--- START ---

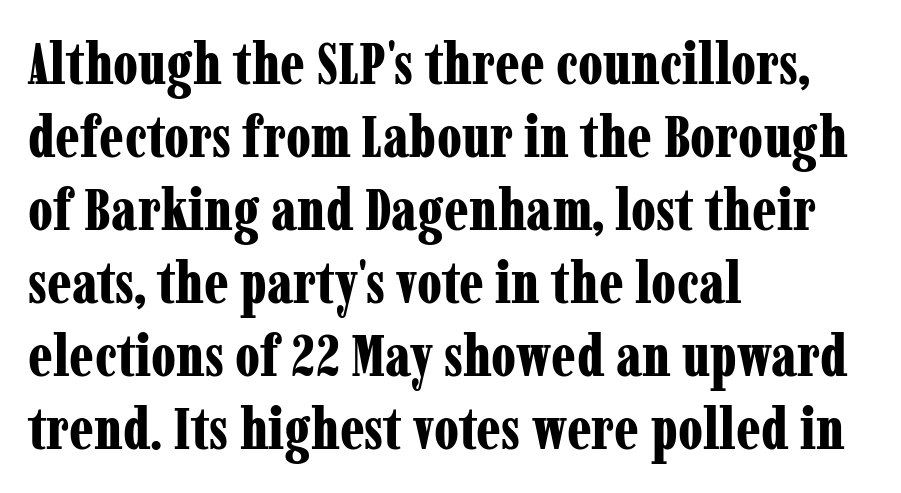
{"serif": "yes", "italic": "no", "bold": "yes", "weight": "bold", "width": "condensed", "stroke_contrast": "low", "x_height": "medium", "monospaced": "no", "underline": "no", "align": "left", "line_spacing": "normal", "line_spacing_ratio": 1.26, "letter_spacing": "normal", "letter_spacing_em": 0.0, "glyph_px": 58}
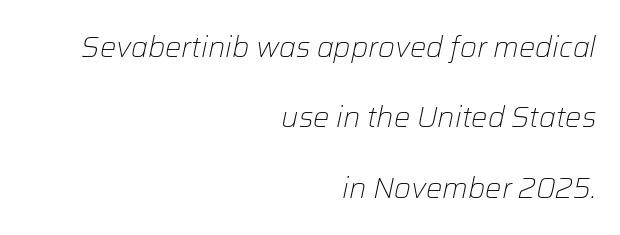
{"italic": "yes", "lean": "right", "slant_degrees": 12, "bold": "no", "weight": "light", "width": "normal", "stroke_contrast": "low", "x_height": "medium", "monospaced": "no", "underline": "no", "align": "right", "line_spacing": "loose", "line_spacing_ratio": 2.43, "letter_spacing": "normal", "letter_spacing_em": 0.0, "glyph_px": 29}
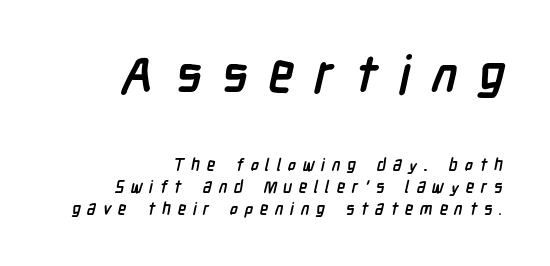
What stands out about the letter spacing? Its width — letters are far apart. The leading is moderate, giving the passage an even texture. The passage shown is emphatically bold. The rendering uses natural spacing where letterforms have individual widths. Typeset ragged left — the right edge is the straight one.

--- END ---

Each line above with the word "left" needs to be copied.

{"serif": "yes", "italic": "no", "bold": "yes", "weight": "bold", "width": "condensed", "stroke_contrast": "low", "x_height": "medium", "monospaced": "no", "underline": "no", "align": "left", "line_spacing": "normal", "line_spacing_ratio": 1.26, "letter_spacing": "normal", "letter_spacing_em": 0.0, "glyph_px": 58}
What stands out about the letter spacing? Its width — letters are far apart. The leading is moderate, giving the passage an even texture. The passage shown is emphatically bold. The rendering uses natural spacing where letterforms have individual widths. Typeset ragged left — the right edge is the straight one.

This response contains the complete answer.